VOLUME XV. Colonial and Revolutionary Literature; Early National Literature, Part I.

VIII. Transcendentalism.

§ 10. Ripley; Brook Farm.


George Ripley (1802–1880), the leader of this enterprise, was a graduate of Harvard and a Unitarian minister. A wide and increasing knowledge of European writers, however, gradually led his interest from theology into the sphere of social reform. He accordingly gave up his pastorate, and in 1841 he and his wife and a number of loyal friends established the Brook Farm Institute of Agriculture and Education on a farm at West Roxbury, nine miles from Boston. The association was a joint-stock company and financially it was inaugurated and conducted with considerable practical sagacity.

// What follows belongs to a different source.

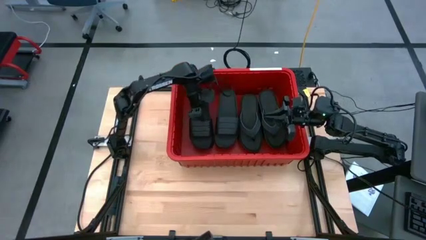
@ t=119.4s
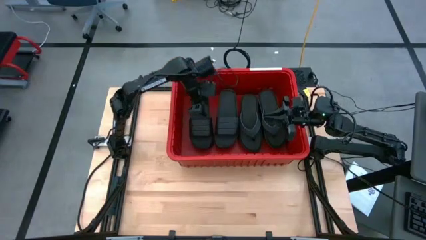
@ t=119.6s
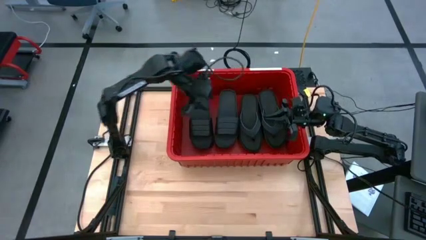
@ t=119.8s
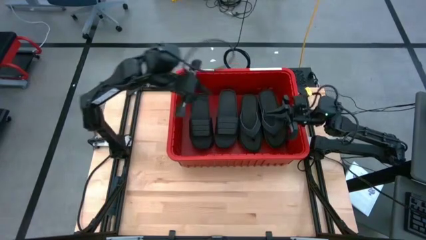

On its theoretical side the enterprise, while the product in a general way of the speculations and example of Owen and Fourier, was not, especially at the beginning, in any precise sense an experiment in socialism. The hope of its founders was merely to make Brook Farm a self-supporting group of men and women, where all should share in the manual labour, the leisure, and the educational and cultural advantages, a place of “plain living and high thinking” where life might be lived in an atmosphere of fraternity, free from the strife and burdens of ordinary competitive society. That the attempt was far from being unsuccessful is revealed by many anecdotes which have come down showing the hearty and genuine spirit which prevailed among its members, a spirit to the happy influence of which on their later lives more than one of the survivors of the enterprise has borne witness.   38
  The adoption in 1844, with some modifications, of the principles of Fourier seems, however, to have put an end to some of the more Arcadian features of Brook Farm; and this, together with the fact that the efforts of inexperienced farmers on a rather poor farm yielded insufficient financial return, was enough to doom the experiment to ultimate failure. The disbanding of the members was immediately occasioned by the burning in 1846 of the unfinished “phalanstery,” upon which seven thousand dollars had already been expended and which was wholly uninsured.   39
  Brook Farm, being the most tangible and visible product of this whole New England movement, has come to stand in the public mind for a perfect incarnation of the transcendental spirit. This is an error. Brook Farm was characteristic of transcendentalism in its belief that the material factors of life should be subservient to the spiritual and ideal and in its conviction that right thinking would lead toward better social conditions—in the end, indeed, to a perfect society. But it is important to notice that Ripley alone of the original members of the Transcendental Club had an active share in the enterprise and that while Emerson, Alcott, Theodore Parker, and Margaret Fuller were interested and on the whole sympathetic visitors, they were too thoroughly individualistic, too distrustful of the institutional factor in life, to be completely satisfied with the experiment. In not a few respects incidents more characteristic, in their individualism, of the transcendental spirit were Alcott’s sojourn with his friends at Fruitlands and, still more so, Thoreau’s experiment on the shore of Walden Pond  5    40

Note 5. See Book II,Chap.X. [ back ]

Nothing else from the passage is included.